John, many thanks. I'd be interested for a source on the rollback of which you speak. I was very disappointed by the debate this parliament on abortion dates. I think many people are disturbed by the UK numbers, but parliament managed to wiggle out of doing anyting realistic about them by the way the subject was handled.
I am perplexed and disappointed also by the Tony Blair "we don't do God" thing. In the cold light of history it seems rather pathetic. However pragmatically correct it was, it hardly inspires respect. I wonder that UK spin doctors can get away with absolutising the Groucho Marx "these are my principle but if you don't like them I've got others" approach.
In a historical perspective the problme is not new. the Victorians had what they called the problem of child destruction in London. I would rather have legislation, however abhorrent, that clinicalises reponse to this than do what the Victorians did.

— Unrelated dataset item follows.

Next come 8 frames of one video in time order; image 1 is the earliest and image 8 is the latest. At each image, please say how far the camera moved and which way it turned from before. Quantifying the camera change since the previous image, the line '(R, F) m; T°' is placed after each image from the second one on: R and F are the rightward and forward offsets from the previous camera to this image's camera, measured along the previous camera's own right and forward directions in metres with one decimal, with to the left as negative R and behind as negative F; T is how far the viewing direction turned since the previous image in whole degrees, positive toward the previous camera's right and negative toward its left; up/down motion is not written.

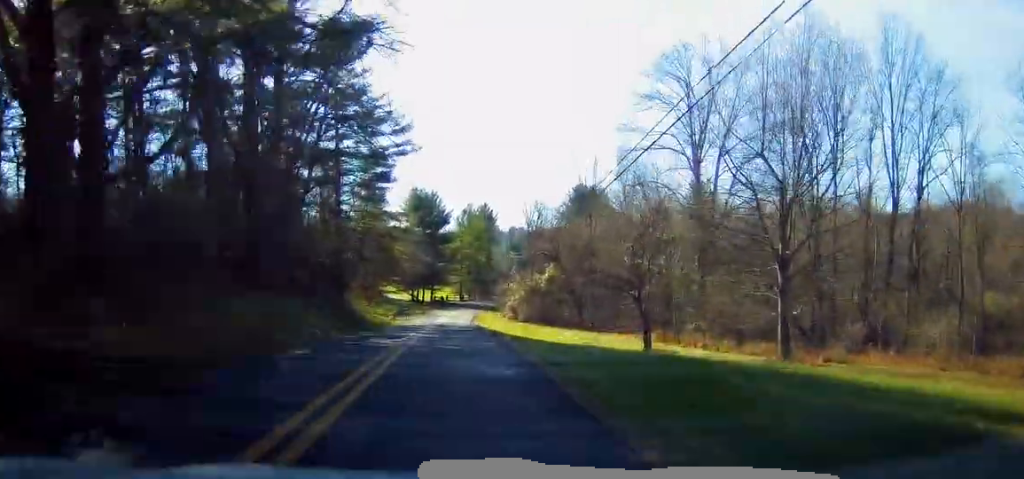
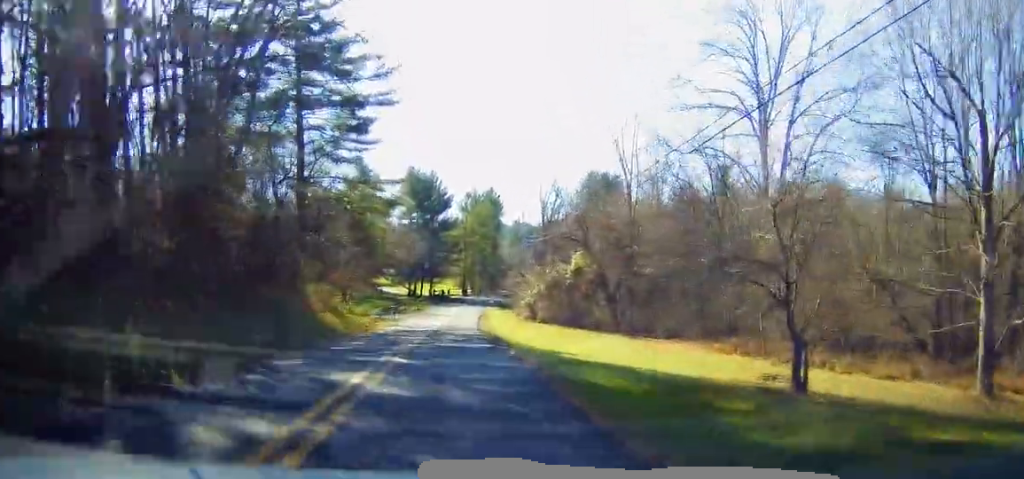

AS far as abortion goes there does seem to be something of a social tabu about engaging seriously with the problems it raises in the UK. It is ironic that hospitals are aborting viable foetuses one end of the building, whilst desperate middle class couples shell out thousands down the other end of the building for IVF. We discuss the demographic problem of future labour shortage making no connection with one major and obvious reason. Media, as well as politicians, often compound this hypocrisy and loud silence.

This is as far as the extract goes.